Set the temperature [K]. The temperatures of all phases are set to this value, holding the pressure fixed.

speciesIndex(species)

Index of species with name species. If species is not a string, then it is simply returned.

speciesMoles(species='')

Moles of species k.

speciesName(k)

Name of the species with index k. Note that index numbers are assigned in order as phases are added.

speciesNames()
temperature()

The temperature [K].

vcs_equilibrate(XY='TP', estimateEquil=0, printLvl=0, solver=2, rtol=1e-09, maxsteps=1000, maxiter=1000, loglevel=0)

Set the mixture to a state of chemical equilibrium.

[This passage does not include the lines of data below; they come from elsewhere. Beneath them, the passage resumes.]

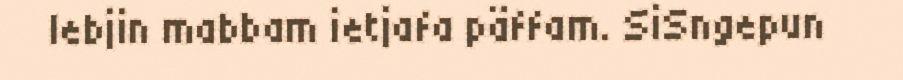
lebjin mabbam ietjafa päffam. SiSngepun
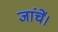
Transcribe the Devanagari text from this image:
जांचें।
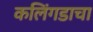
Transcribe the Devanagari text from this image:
कलिंगडाचा
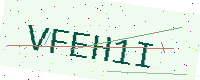
Text: VFEH1I
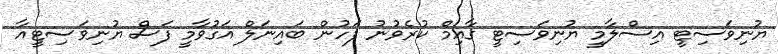
ޔުނިވަސިޓީ އިސްލާމީ ޔުނިވަސިޓީ ގާއިމް ކުރެވުނު ފަހުން ބައިނަލް އަގުވާމީ ފަސް ޔުނިވަސިޓީއާ
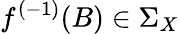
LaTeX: f^{(-1)}(B)\in\Sigma_{X}
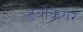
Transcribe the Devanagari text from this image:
टर्बोकेयर
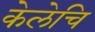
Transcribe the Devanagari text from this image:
केलेचि
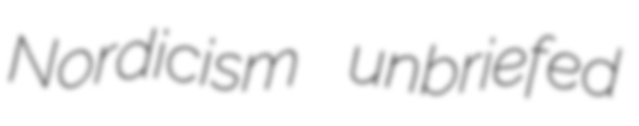
Nordicism unbriefed
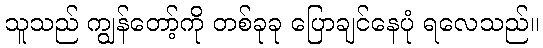
သူသည် ကျွန်တော့်ကို တစ်ခုခု ပြောချင်နေပုံ ရလေသည်။

This method uses a version of the VCS algorithm to find the composition that minimizes the total Gibbs free energy of the mixture, subject to element conservation constraints. For a description of the theory, see Smith and Missen, “Chemical Reaction Equilibrium.” The VCS algorithm is implemented in Cantera kernel class MultiPhaseEquil.

The VCS algorithm solves for the equilibrium composition for specified temperature and pressure. If any other property pair other than 'TP' is specified, then an outer iteration loop is used to adjust T and/or P so that the specified property values are obtained.

Parameters: XY – Two-letter string specifying the two properties to hold fixed. Currently, 'TP', 'HP', and 'SP' are implemented. Default: 'TP'. printLvl – Controls the amount of diagnostic output written to cout. If printLvl = 0, no diagnostic output is written. For values > 0, more detailed information is written to cout. The default is printLvl = 0. solver – Determines which solver is used. 1 MultiPhaseEquil solver 2 VCSnonideal Solver (default) err – Error tolerance. Iteration will continue until (Delta mu)/RT is less than this value for each reaction. Default: 1.0e-9. Note that this default is very conservative, and good equilibrium solutions May be obtained with larger error tolerances. maxsteps – Maximum number of steps to take while solving the equilibrium problem for specified T and P. Default: 1000. maxiter – Maximum number of temperature and/or pressure iterations. This is only relevant if a property pair other than (T,P) is specified. Default: 200. loglevel – Controls the amount of diagnostic output written to html. If loglevel = 0, no diagnostic output is written. For values > 0, more detailed information is written to the log file as loglevel increases. The default is loglevel = 0. The logfile is written in HTML format, and may be viewed with any web browser. The default log file name is “equilibrium_log.html”, but if this file exists, the log information will be written to “equilibrium_log{n}.html”, where {n} is an integer chosen so that the log file does not already exist. Therefore, if ‘equilibrate’ is called multiple times, multiple log files will be written, with names “equilibrate_log.html”, “equilibrate_log1.html”, “equilibrate_log2.html”, and so on. Existing log files will not be overwritten.